Thanks very much, takes a load off my mind.
The internet can make being a newb so much less painful


----------



## Ram Rod

Yep---it's normal and you can't avoid it.


----------



## benzuncle

Congrats on your new Sig. Nice, ain't it? As previously alluded to, there's nothing you can do about that barrel wear aside from making your Sig a "Safe Queen"; Sigs weren't really designed for that. I recently had the privilege of shooting a well-worn, rusty levered Sig P229 chambered in .357 Sig. It had seen a lot of use but shot just great. The owner was still in love with it, rust, scratches, worn finish and all. One last thing about most Sig Sauers: you won't have to expend 500 to 1000 rounds of costly ammo to "break it in".


----------



## Mike Barham

Yup, the other guys are on the money. It's perfectly normal. I am sort of the opposite of *Shipwreck*, and don't give a damn what my defense guns look like. They're here to take care of me, not vice versa. I think a well-worn pistol is the mark of a serious shooter who practices a lot.


----------



## Shipwreck

Well - this free FNP will me my first time that I'm just not gonna care about the finish - I'm gonna let whatever happens, happens, and not worry about protecting it more with an aftermarket finish.


----------



## IntegraGSR

Shipwreck said:


> Well - this free FNP will me my first time that I'm just not gonna care about the finish - I'm gonna let whatever happens, happens, and not worry about protecting it more with an aftermarket finish.


"FREE FNP"?? How does one go about getting a free FN? :smt033


----------



## Shipwreck

IntegraGSR said:


> "FREE FNP"?? How does one go about getting a free FN? :smt033


One would have to be the admin of an FN Forum for a minimum of 19 months, and have FN sponsor you, in order to get one :mrgreen::mrgreen::mrgreen:

But now we're gettin' off topic...


----------



## falshman70

The wear on the barrrel is commonly referred to by aficionados as "Sig smilies."


----------



## Gudda

What does that mean ?


----------



## Easy_CZ

Sigs are notorious for wear on the top of the barrel that is seen in the ejection port. It is perfectly normal wear for a Sig. Glocks, S&Ws, Rugers, etc., don't wear like that.


----------



## Easy_CZ

Gudda said:


> What does that mean ?


What does what mean?


----------



## chessail77

Wear is normal and so are smileys on the Sig barrels......JJ


----------



## FNISHR

Shipwreck told it to you straight. Congrats on the P226; it's one of the best pistols anywhere, at any price.


----------



## berettatoter

Hey, congrats on the new Sig! Just as said before, this is normal wear. I have a few pistols that have this.


----------



## Todd

FNISHR said:


> Shipwreck told it to you straight. *Congrats on the P226;* it's one of the best pistols anywhere, at any price.





berettatoter said:


> *Hey, congrats on the new Sig*! Just as said before, this is normal wear. I have a few pistols that have this.

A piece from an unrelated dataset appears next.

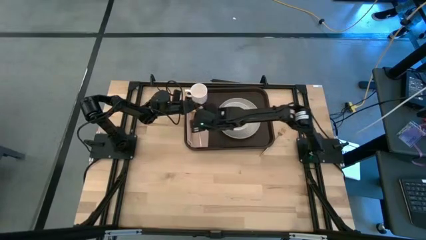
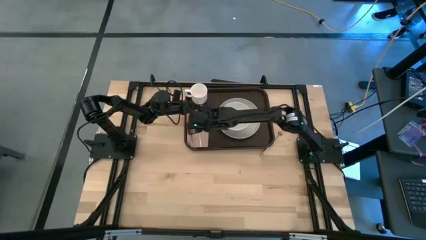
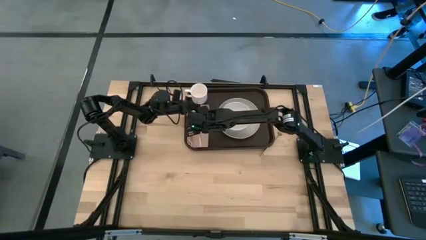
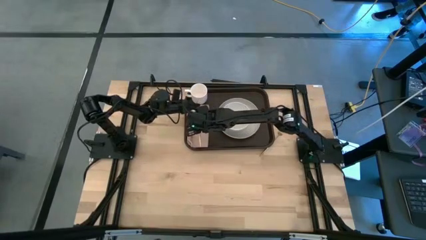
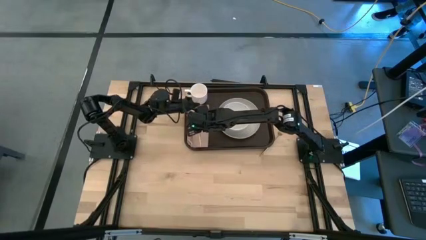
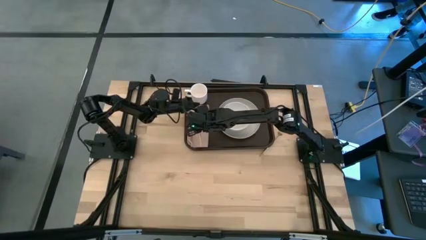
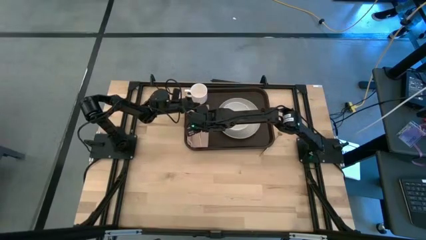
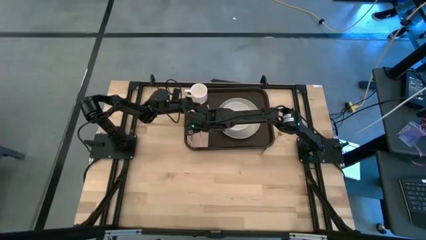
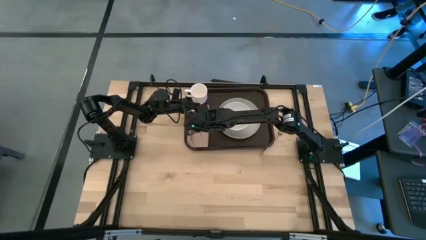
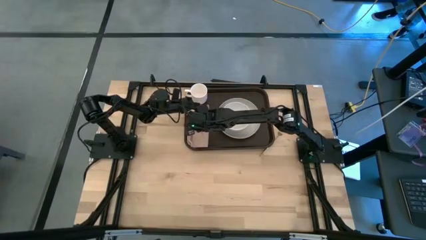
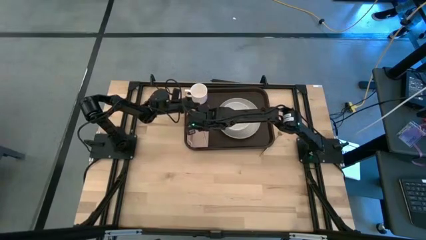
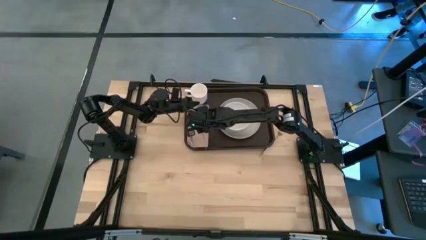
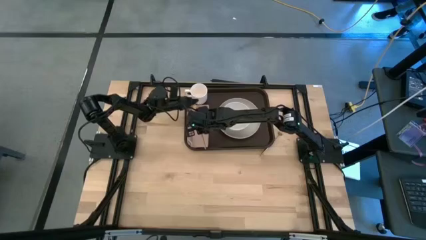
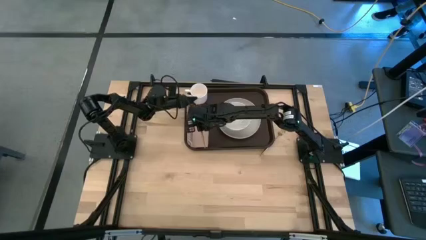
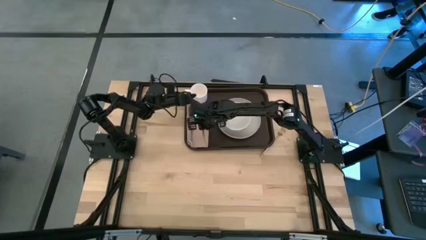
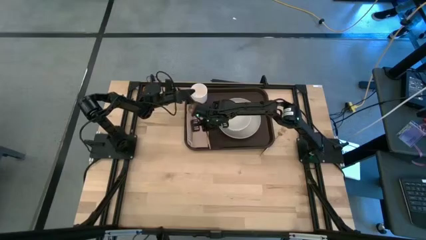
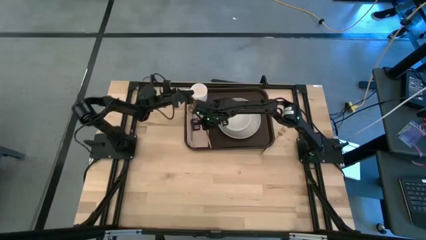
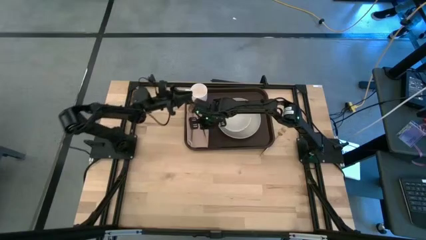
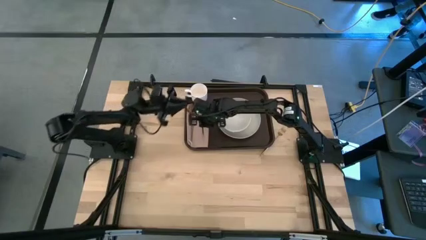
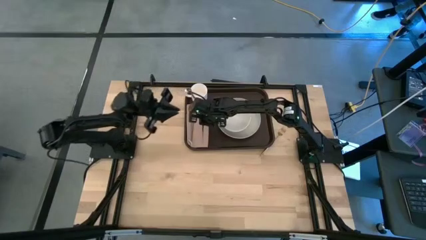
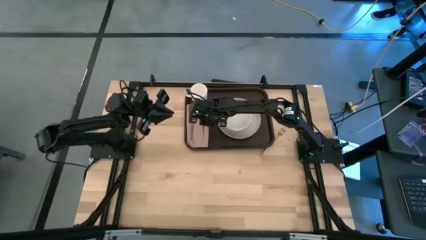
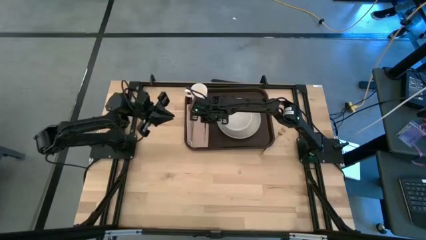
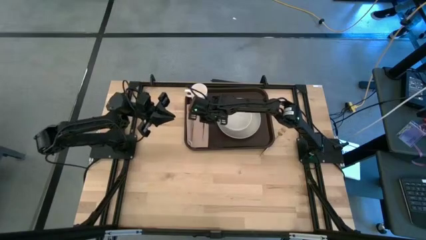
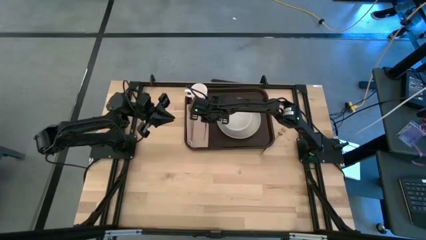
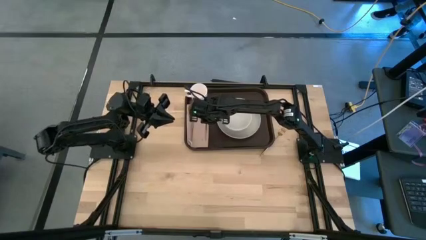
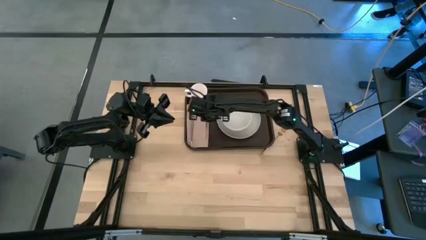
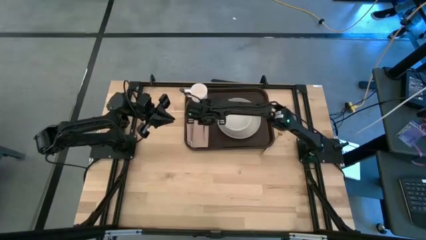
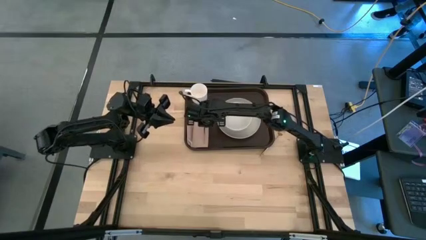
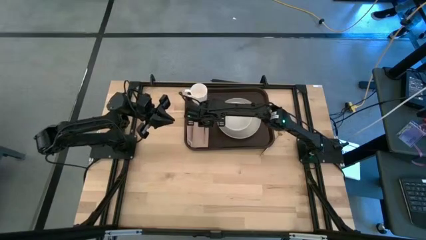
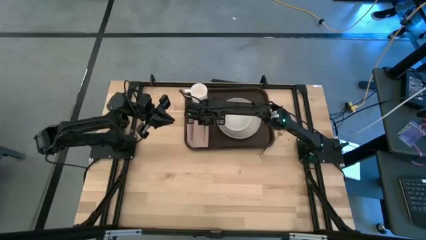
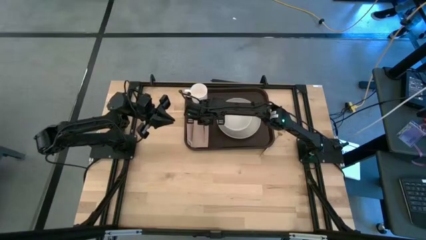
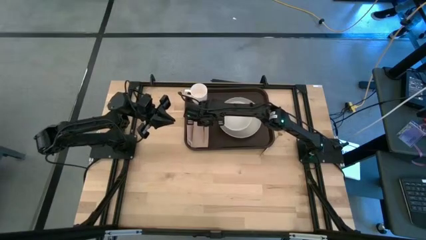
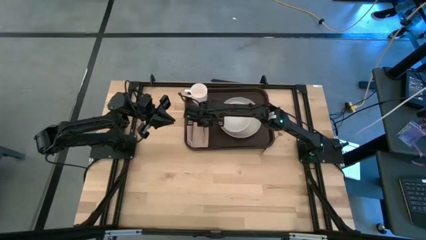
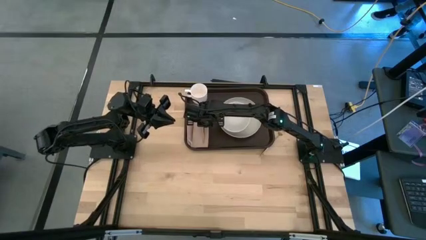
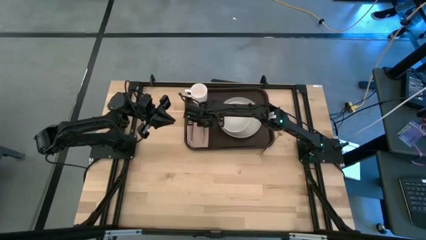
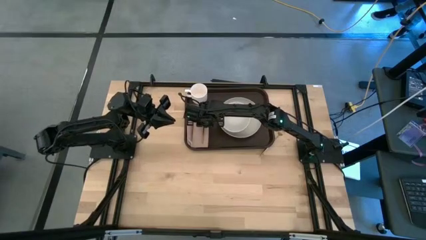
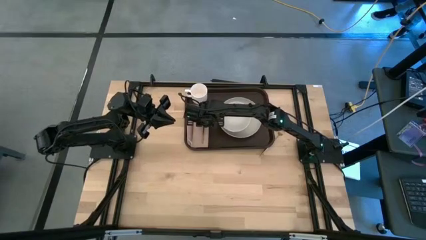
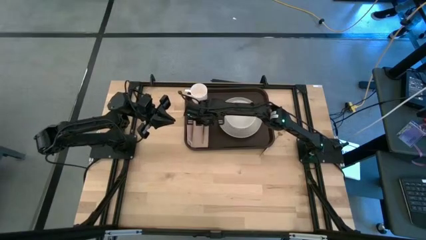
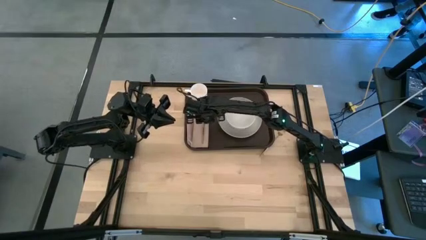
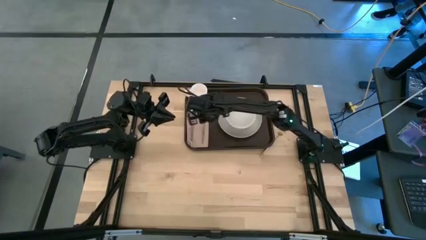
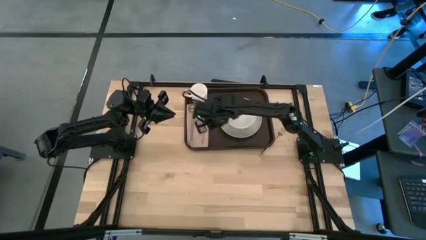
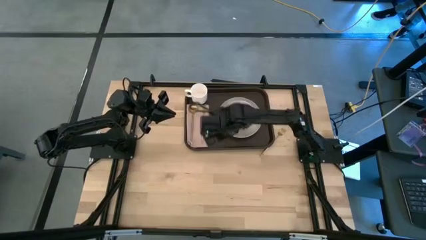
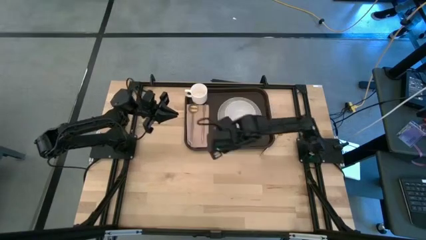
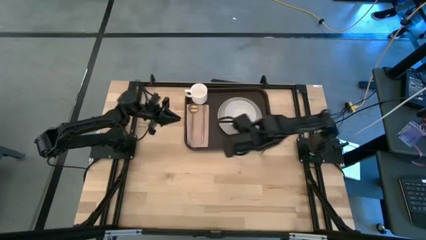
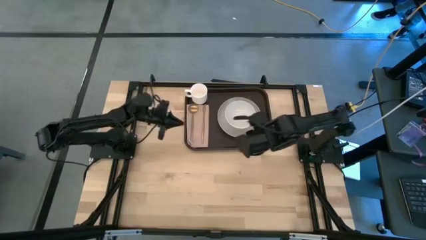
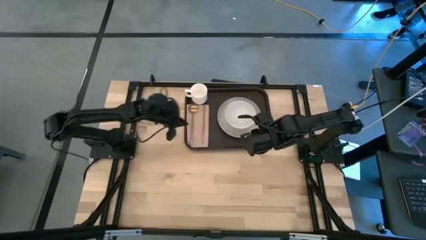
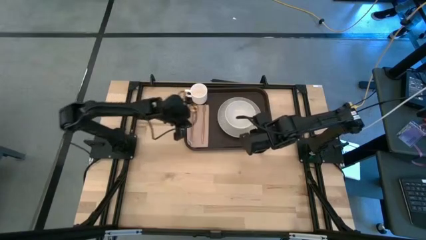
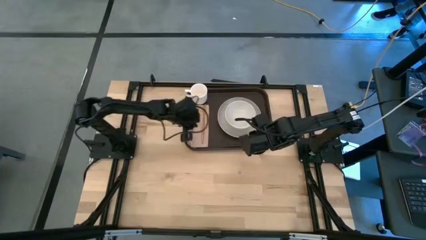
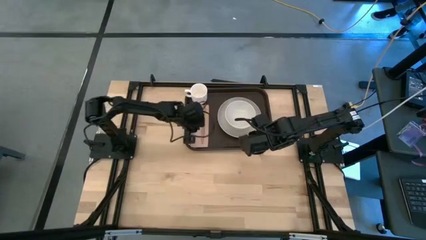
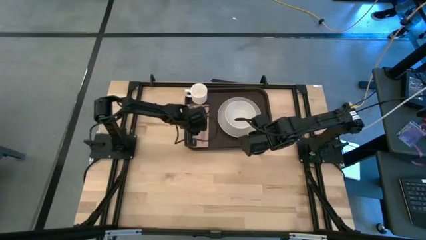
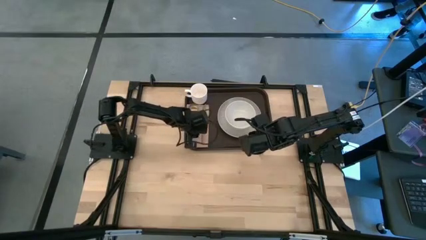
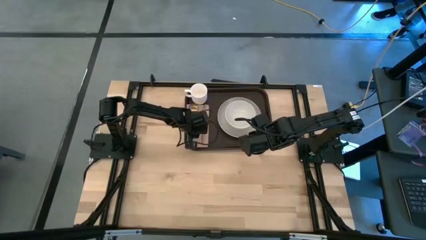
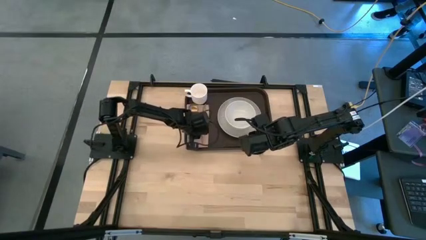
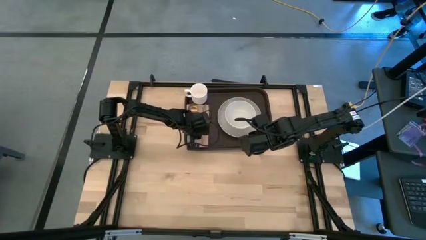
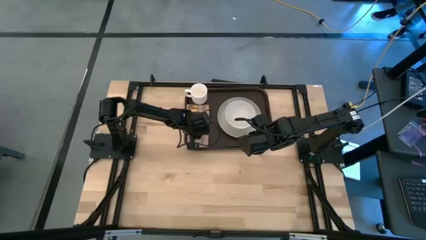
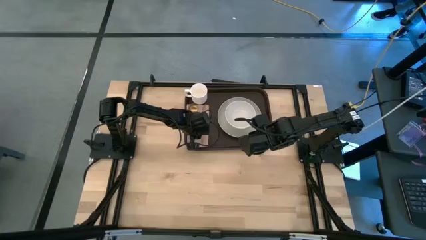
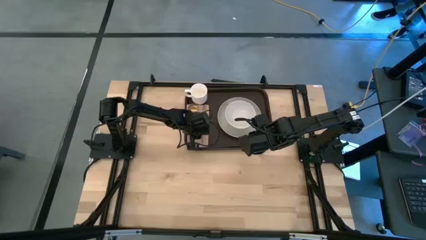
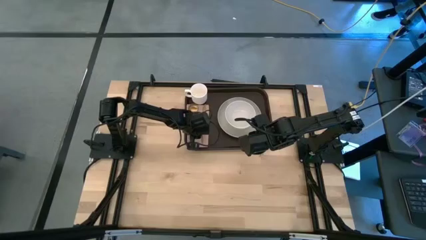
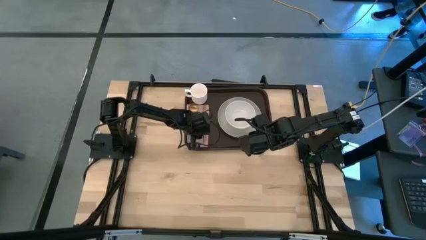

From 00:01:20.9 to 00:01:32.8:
Task: Set up tray
Put the gold knife on the light brown napkin to the right of the gold spoon

Original post date: 6/28/*2008

*I'm guessing that "new" Sig has a bit more wear on it now. :anim_lol:


----------



## Younguy

Thanks for the question from 4 years ago. I was wondering the same thing about my, I think it's about 10 years old 'used to be a safe queen' 92FS. My first almost new gun. Seeing the same kind of wear on the barrel right where it goes through the slide I was concerned, as you were, that something was rubbing wrong and I would at the least have to re-blue it and at most take it to a gunsmith. On my initial trip to the range I had stove pipes and FTE's because I had not cleaned it first. Newb mistake, didn't even think about that. (I now clean after every range trip, part of the enjoyment for me.) Second time to the range it fed flawless and I put more rounds through it than it had since it's birth. Now starting up between 200 and 600 rounds I notice those rub marks showed up. 

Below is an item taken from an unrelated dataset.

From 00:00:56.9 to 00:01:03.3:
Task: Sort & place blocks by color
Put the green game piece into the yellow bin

With this information I am not going to worry about them for now but rather offer them as proof of practice. 

My question is, can I expect them to go all the way to shiny metal and if that happens should I worry then? The slide and barrel won't rust will they? This hobby only got started for me 5 months ago so I'm still learning. Today's metals are different than my old blue .22lr squirrel gun.


----------